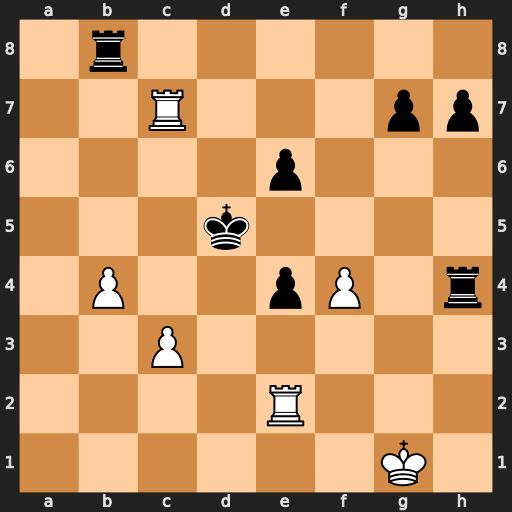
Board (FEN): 1r6/2R3pp/4p3/3k4/1P2pP1r/2P5/4R3/6K1
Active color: w
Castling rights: -
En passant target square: -
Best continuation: Rd2#
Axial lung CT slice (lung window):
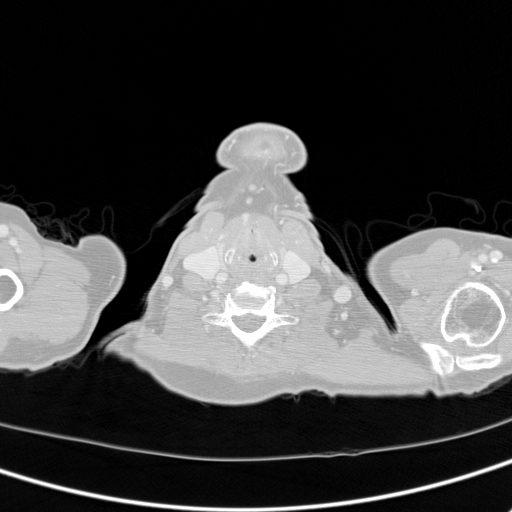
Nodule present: no
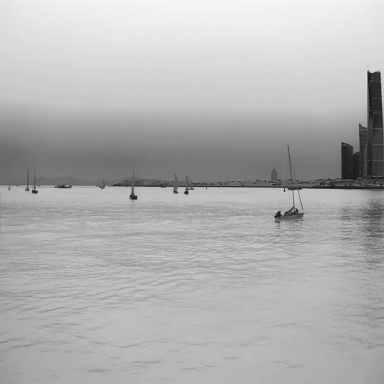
There are 12 objects shown in the infrared image, including three canoes, eight sailboats, and a container_ship.
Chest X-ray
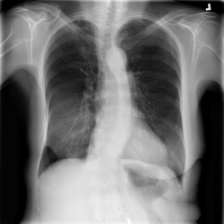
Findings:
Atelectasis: negative
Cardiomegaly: negative
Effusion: negative
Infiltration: negative
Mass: negative
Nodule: positive
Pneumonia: negative
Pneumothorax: negative
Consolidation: negative
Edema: negative
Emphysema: negative
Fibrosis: negative
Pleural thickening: negative
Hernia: negative

# # # # #

### Aim of the task
Apart from the pictures, all of the data should be repeated exactly.

### Response to this task
Board (FEN): 1r6/2R3pp/4p3/3k4/1P2pP1r/2P5/4R3/6K1
Active color: w
Castling rights: -
En passant target square: -
Best continuation: Rd2#
Axial lung CT slice (lung window):
Nodule present: no
There are 12 objects shown in the infrared image, including three canoes, eight sailboats, and a container_ship.
Chest X-ray
Findings:
Atelectasis: negative
Cardiomegaly: negative
Effusion: negative
Infiltration: negative
Mass: negative
Nodule: positive
Pneumonia: negative
Pneumothorax: negative
Consolidation: negative
Edema: negative
Emphysema: negative
Fibrosis: negative
Pleural thickening: negative
Hernia: negative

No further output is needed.